Так что руки теперь были свободны, позволяя сосредоточиться на поиске пути. Она ненадолго остановилась и, нашарив на грунте несколько камешков, сунула в левый карман.
Примерно в том направлении от Грейс, где минутная стрелка указывает цифру «три», слышно было, как громко перешептываются меж собой Сайрус, Геката и Отто. Значит, они находятся примерно там, куда она направлялась.
Крайне важно сейчас было правильно ставить ступни — невесомо, как перышко, и лишь после этого перемещать вес с одной ноги на другую. Все равно что использовать для ночного выслеживания добычи у-шу — движения долгие, затяжные, взвешенные (со стороны смотреть — умора).
Тонтону показалось, что он заслышал шорох; повернув голову, берсерк принюхался в темноте. В воздухе стоял стойкий запах страха от нескольких трансгенных животных, запаниковавших во мраке. Это мешало принюхиваться, но свежий запах той женщины он тоже ощущал. Люди пахнут не так, как животные, и, хотя у Тонтона не было генов обработки тысяч отдельных запахов — свойство, каким наделены обезьяны в джунглях, — свои навыки обоняния он отточил за долгие часы спецтренировок.
Да, это определенно она. Вот, сейчас сдвинулась…
Внезапно откуда-то справа, со спины донесся звук; берсерк рывком повернулся, машинально вскинув пистолет и целясь в темноту. Что послужило источником шума? Женщина? Ведер? Какое-нибудь животное?
Опять звук — резкий и быстрый, все равно что камешек, нечаянно задетый ногой бегущего.
Третий звук; и все справа.
Это всяко она. Каким-то образом обхитрила, сука, и в темноте возвратилась не той тропой, а пробралась через открытый участок.
— Вот ты где, падла, — не без злорадства шепнул он, распрямляясь.

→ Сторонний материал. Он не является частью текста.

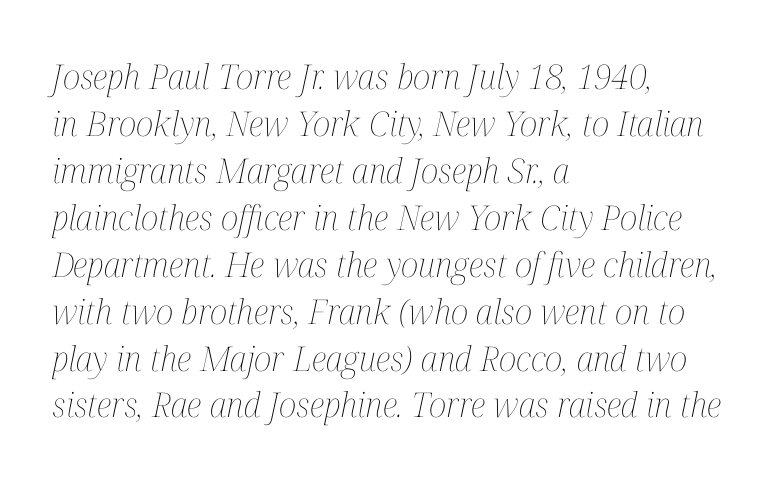
Nothing unusual about the tracking: characters are spaced as the font intends. The letterforms sit at book weight or below. Regarding leading, the lines here are spaced in the standard way. Underlining? Definitely not there.
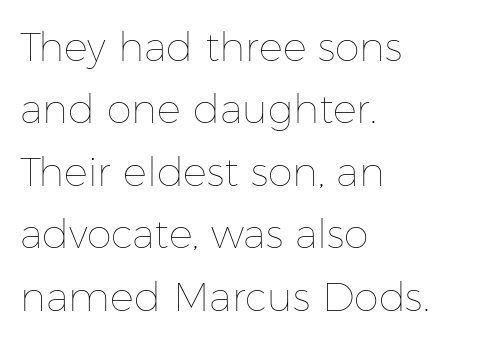
The image shows 40 px thin type, upright; set left-aligned, normal line spacing (1.56x), normal letter spacing, not underlined; low stroke contrast and a medium x-height.

Он сделал в ее сторону осторожный шаг, за ним другой. И тут что-то легонько, казалось бы, чиркнуло по ноге, но в тот момент, когда Тонтон обернулся, бедро пронзила адская боль. Вот она, эта стерва, — рукой подать! И тут он ощутил резкий, с медным привкусом запах собственной крови.
Попытка сделать во мраке резкий удар удалась, да вот только пришелся он по воздуху.
Опять острая, жалом ожегшая боль прямо позади колена. Раненая нога бессильно подогнулась, Тонтон накренился и завопил от боли, нахлынувшей волной — от бедра к колену, от колена к бедру. Он схватился за влажное от крови бедро, в ладонь ударило что-то жаркое… Кровь фонтаном: ему пробило артерию. Эта сука его порезала! Нашла в темноте и вскрыла как жестянку!
— Ты!.. — крикнул было он, но закончить не удалось: что-то острое полоснуло по лицу.
Щеки ожгло несносной болью, а когда Тонтон инстинктивно схватился за лицо руками, то ощутил что-то плохое, что-то очень неправильное. Рот у него как будто стал намного, до нелепого шире, чем был. В углах рта теперь тянулись грубые борозды разорванной плоти. Он отчаянно лягнул темноту, а у самого в голове черными звездами полыхал страх. Чужие пальцы крепко схватили его за волосы и отдернули голову назад. К горлу притиснулось лезвие, но не порезало, а лишь вдавилось, перекрывая дыхание.
Что-то до странности мягкое — оказывается, губы — прижалось к самому уху.
— Это тебе за тех дурачин в «Глубоком железе», — проурчала женщина словно в порыве страсти.